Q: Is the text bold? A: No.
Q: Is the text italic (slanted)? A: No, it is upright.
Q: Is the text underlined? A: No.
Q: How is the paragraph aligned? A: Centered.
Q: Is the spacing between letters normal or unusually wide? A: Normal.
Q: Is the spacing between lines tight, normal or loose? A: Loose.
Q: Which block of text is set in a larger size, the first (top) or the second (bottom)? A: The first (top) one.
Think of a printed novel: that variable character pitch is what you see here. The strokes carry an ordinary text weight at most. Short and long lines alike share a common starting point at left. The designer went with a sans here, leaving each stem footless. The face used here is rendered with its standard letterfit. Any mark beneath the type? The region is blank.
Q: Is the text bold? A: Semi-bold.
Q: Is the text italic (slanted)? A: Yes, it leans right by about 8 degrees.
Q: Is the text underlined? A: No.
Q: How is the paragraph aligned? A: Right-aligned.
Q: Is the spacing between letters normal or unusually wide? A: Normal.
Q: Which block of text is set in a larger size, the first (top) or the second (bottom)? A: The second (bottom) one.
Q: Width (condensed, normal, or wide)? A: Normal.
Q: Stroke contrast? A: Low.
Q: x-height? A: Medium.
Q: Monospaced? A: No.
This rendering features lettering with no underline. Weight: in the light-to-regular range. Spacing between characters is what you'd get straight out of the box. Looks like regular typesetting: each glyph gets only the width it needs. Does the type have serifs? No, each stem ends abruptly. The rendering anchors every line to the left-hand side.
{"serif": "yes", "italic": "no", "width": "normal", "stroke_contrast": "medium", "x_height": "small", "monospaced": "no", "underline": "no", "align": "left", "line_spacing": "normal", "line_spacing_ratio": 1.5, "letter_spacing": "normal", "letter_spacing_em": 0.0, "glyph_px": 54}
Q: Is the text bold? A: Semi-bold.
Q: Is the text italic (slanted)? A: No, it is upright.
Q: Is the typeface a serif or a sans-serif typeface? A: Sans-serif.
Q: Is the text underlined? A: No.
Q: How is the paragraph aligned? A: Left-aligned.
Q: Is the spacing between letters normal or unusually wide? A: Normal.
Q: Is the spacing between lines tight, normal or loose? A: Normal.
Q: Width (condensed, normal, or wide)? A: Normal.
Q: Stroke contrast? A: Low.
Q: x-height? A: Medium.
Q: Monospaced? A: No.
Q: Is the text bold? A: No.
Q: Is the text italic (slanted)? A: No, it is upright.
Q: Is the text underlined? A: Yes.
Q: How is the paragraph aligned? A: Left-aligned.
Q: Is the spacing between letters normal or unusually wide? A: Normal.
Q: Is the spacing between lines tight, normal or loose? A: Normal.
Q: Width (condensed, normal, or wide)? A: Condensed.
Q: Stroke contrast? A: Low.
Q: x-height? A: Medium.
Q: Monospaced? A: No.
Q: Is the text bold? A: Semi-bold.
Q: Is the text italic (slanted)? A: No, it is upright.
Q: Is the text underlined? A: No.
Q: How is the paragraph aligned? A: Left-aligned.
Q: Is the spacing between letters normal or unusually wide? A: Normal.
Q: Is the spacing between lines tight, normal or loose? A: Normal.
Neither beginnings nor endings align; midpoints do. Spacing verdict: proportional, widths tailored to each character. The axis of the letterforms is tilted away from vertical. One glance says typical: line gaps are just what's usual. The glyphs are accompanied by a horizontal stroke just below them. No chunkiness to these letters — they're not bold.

Exercise details => In the entries above, find each line with the word "second" and copy it.

Task output =>
Q: Which block of text is set in a larger size, the first (top) or the second (bottom)? A: The first (top) one.
Q: Which block of text is set in a larger size, the first (top) or the second (bottom)? A: The second (bottom) one.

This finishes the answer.